Published online Dec 15, 2024. doi: 10.4251/wjgo.v16.i12.4700
Revised: September 17, 2024
Accepted: October 16, 2024
Published online: December 15, 2024
Processing time: 148 Days and 22.5 Hours
The 5-year survival rate of patients with colorectal cancer (CRC) in China is only 56.9%, highlighting the need for new therapeutic drugs. Previous studies have shown that matrine exhibits antitumor effects by inducing apoptosis.

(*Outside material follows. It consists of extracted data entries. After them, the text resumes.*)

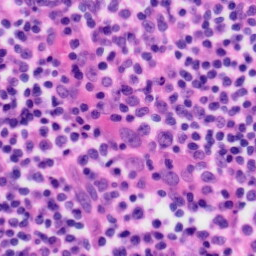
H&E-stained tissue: Tonsil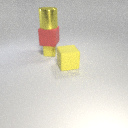
large red rubber cube above small yellow rubber cube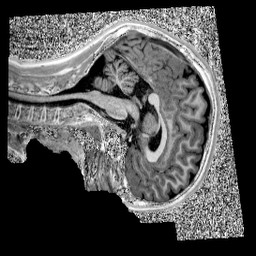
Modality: UNIT1
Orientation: sagittal
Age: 11
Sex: male
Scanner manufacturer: siemens
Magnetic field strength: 3 T
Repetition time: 4 s
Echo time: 0.00303 s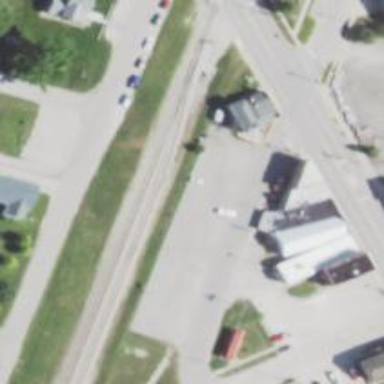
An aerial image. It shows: Railway siding for service.
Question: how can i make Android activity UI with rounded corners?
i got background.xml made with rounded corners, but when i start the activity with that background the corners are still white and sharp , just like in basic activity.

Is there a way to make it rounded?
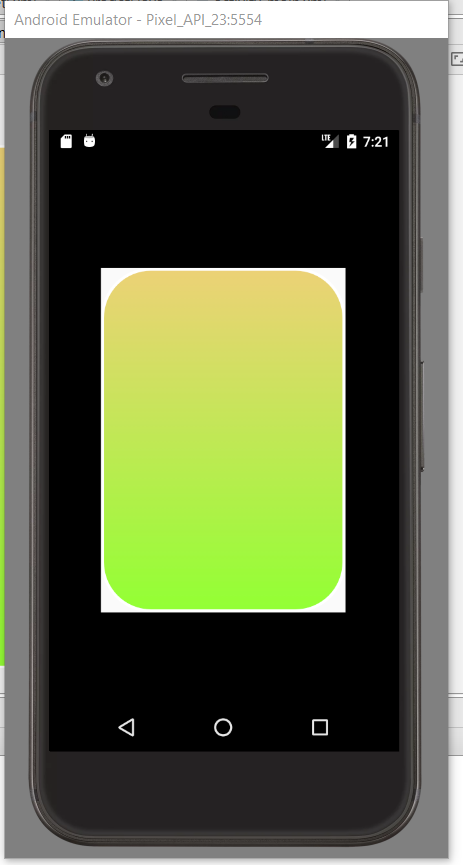
Answer: > with that background the corners are still white and sharp
That's most likely because you set it to white yourself. Instead of white you want it transparent: '0x00000000'. Note that's 'ARGB' so bytes and first one is alpha (0x00 - fully transparent, 0xFF - fully opaque).

However, the mechanism by which matrine regulates antiapoptotic proteins in CRC remains unclear.
To identify apoptotic proteins from proteomics and investigate the role of matrine in impeding CRC apoptosis by regulating these proteins.
Tumor and adjacent normal tissues were collected from 52 patients with CRC who underwent surgery between January and December 2021. Data-independent acquisition quantitative proteomic analysis was performed to identify differentially expressed apoptotic proteins. The selected apoptotic proteins were identified through their association with tumor-node-metastasis (TNM) stage and prognosis, then confirmed by immunohistochemical (IHC) staining in validation cohort. In vitro, the role of matrine or apoptotic proteins on cancer cells were analyzed.

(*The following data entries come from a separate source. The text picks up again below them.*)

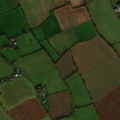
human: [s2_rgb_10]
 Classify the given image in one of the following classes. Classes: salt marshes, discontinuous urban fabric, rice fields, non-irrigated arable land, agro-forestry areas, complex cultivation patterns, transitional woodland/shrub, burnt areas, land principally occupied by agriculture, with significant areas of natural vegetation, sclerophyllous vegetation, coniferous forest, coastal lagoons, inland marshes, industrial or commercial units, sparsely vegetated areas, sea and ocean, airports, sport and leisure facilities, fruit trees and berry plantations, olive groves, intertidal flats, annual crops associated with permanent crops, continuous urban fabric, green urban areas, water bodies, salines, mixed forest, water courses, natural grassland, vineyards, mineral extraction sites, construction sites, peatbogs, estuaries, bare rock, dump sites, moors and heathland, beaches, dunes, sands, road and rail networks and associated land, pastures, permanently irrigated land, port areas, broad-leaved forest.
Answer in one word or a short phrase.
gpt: non-irrigated arable land, pastures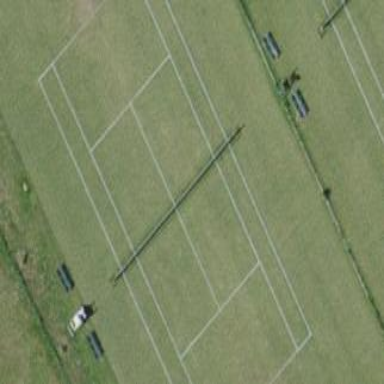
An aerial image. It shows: Grass pitch used for playing tennis.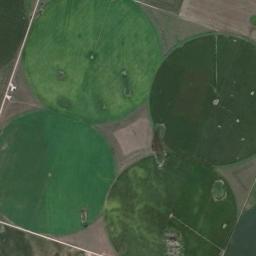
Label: circular_farmland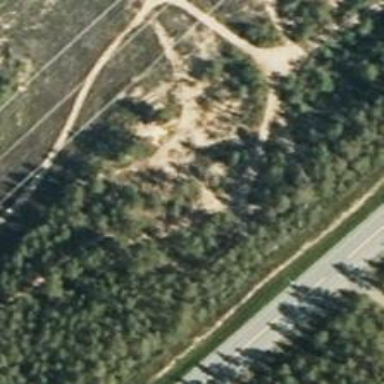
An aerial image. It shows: Path.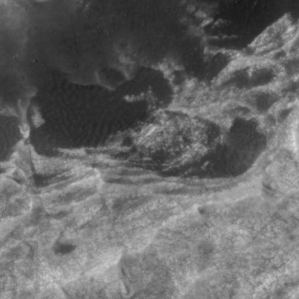
Label: non_frost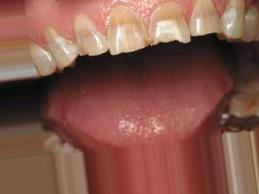
Condition: Tooth Discoloration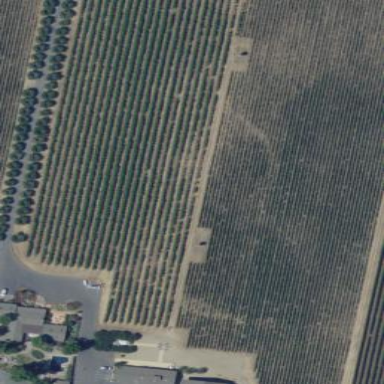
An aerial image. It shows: Vineyard where grapes are grown.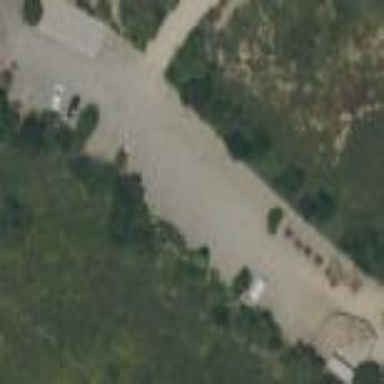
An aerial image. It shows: Parking area with compacted surface.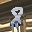
Label: 8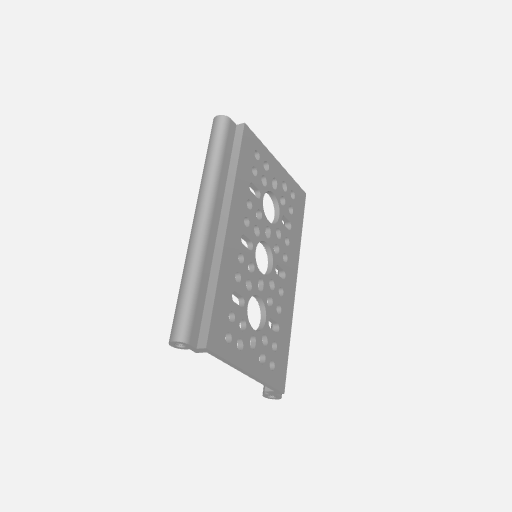
Part: RailChannel3H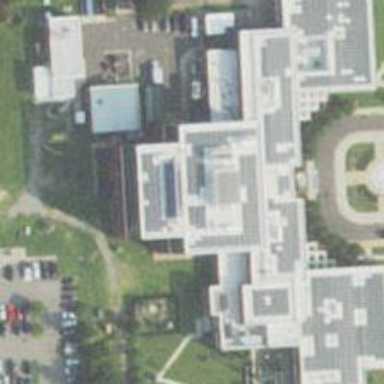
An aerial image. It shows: Government office.
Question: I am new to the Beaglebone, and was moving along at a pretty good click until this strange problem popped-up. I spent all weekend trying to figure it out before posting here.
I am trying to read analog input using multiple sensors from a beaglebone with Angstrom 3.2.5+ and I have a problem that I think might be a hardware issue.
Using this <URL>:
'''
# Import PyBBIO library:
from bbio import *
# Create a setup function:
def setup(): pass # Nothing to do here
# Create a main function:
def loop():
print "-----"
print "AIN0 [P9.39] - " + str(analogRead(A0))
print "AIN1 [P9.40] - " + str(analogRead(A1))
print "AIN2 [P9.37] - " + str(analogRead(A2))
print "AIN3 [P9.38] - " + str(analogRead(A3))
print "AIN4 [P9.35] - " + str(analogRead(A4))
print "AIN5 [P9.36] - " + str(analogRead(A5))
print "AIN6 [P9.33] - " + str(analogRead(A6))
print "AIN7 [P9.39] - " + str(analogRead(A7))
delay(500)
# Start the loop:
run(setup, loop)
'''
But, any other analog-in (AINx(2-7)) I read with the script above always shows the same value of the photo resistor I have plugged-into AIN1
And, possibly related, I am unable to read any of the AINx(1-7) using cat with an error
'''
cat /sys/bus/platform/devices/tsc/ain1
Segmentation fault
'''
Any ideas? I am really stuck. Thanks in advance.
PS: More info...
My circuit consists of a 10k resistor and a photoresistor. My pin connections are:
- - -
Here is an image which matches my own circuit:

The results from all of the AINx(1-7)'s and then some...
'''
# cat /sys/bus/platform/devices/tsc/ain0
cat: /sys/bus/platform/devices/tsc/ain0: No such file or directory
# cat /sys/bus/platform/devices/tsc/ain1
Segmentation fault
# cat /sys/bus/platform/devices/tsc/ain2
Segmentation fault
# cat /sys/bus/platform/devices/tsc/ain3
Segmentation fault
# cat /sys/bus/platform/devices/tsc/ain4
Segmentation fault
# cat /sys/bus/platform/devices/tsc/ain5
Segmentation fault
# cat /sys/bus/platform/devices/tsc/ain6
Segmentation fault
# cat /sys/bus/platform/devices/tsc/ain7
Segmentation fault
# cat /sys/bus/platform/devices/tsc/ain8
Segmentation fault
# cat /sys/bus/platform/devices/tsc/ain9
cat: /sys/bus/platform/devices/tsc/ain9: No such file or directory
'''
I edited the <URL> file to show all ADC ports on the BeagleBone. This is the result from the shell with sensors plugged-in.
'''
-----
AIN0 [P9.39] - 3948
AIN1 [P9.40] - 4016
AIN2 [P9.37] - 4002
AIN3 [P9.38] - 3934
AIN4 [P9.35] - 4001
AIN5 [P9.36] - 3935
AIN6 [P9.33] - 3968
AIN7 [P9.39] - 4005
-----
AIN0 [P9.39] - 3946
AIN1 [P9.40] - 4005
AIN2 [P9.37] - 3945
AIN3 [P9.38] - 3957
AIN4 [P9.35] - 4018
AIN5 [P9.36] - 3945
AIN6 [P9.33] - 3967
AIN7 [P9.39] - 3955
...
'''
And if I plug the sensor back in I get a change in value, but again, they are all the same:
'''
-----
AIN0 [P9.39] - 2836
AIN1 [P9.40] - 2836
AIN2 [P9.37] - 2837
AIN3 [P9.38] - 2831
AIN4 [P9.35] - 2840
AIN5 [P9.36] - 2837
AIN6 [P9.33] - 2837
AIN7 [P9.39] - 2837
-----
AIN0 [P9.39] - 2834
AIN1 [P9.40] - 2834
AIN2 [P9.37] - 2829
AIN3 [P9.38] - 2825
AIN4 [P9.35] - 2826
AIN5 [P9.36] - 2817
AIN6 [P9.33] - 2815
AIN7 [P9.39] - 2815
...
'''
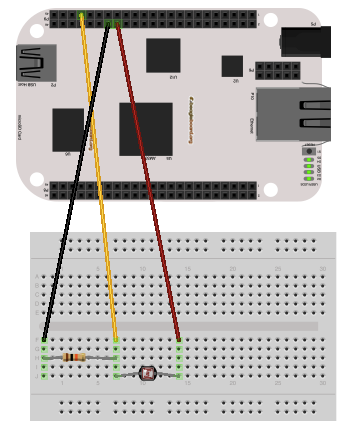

Compared to normal tissues, 88 anti-apoptotic proteins from proteomic results were selected. Among them, Shank-associated RH domain interactor (SHARPIN) was identified because of its relationship with TNM stage and overall survival in TCGA database. In the IHC-confirmed cohort, SHARPIN was highly expressed in CRC tissues and localized in the cytoplasm. Higher SHARPIN expression was associated with TNM stage, carbohydrate antigen 153 levels, and gross type compared to low expression. SHARPIN knockdown promoted apoptosis, significantly upregulated the expression of Bcl-2 associated agonist of cell death, Bcl-2 associated X protein, caspase 3, and caspase 8, and downregulated B-cell lymphoma-2 (P < 0.05). Importantly, matrine treatment promoted apoptosis and reversed the proliferation, invasion, and migration of CRC cells by repressing SHARPIN.
SHARPIN was identified as an upregulated anti-apoptotic protein in CRC, and matrine exhibited anticancer effects by downregulating its expression. Thus, matrine appears to be a promising drug for CRC.

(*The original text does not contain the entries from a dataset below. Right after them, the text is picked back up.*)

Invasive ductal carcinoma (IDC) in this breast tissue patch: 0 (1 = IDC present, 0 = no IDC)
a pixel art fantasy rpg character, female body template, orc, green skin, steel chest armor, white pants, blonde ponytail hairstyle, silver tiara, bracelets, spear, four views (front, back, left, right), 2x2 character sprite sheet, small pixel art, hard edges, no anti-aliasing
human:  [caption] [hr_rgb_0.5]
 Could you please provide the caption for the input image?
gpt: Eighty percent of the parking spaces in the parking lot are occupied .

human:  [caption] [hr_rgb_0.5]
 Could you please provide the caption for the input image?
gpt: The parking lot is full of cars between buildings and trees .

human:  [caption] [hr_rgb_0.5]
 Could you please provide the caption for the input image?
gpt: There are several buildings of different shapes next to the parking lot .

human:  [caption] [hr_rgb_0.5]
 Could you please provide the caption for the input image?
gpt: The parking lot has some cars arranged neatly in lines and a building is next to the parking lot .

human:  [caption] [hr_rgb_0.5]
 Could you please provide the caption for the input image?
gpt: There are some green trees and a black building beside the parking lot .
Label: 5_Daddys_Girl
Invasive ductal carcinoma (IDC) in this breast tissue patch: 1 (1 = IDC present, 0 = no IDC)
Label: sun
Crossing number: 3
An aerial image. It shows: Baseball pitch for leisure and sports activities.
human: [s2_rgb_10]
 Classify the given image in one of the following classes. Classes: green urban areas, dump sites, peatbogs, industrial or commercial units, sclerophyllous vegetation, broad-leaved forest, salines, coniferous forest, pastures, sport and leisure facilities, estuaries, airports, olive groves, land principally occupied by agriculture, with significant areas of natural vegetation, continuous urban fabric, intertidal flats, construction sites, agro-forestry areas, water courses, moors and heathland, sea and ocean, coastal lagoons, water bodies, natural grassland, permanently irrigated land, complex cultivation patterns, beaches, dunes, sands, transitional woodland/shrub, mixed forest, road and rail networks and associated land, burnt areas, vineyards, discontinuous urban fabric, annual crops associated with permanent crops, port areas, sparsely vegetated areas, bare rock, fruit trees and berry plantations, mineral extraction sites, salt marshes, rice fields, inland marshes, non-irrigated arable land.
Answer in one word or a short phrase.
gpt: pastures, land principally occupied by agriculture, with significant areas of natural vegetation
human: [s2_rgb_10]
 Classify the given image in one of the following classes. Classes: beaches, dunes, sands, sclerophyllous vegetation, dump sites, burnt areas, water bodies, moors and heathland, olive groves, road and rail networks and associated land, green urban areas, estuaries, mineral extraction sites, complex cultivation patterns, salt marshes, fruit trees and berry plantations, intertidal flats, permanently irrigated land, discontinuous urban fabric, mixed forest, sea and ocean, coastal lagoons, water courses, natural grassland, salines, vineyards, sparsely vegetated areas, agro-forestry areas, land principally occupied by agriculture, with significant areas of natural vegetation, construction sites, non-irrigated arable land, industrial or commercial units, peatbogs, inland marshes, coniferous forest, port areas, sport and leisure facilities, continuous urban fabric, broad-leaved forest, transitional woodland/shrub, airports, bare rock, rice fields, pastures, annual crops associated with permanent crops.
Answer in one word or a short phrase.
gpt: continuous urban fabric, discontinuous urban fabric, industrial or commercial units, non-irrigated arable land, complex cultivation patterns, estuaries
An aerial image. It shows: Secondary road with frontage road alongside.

Core Tip: Despite advances in therapy for colorectal cancer (CRC), the 5-year survival rate for CRC patients in China remains only 56.9%. This study explored the effects of matrine on CRC by targeting a newly identified anti-apoptotic protein, Shank-associated RH domain interactor (SHARPIN). SHARPIN was discovered through proteomic analysis and its expression was validated in both the TCGA database and our patient cohort using immunohistochemistry. Inhibiting SHARPIN expression led to increased apoptosis and reduced proliferation, invasion, and migration of CRC cells in vitro. Matrine's ability to inhibit SHARPIN and induce apoptosis highlights its potential as a promising therapeutic agent for CRC.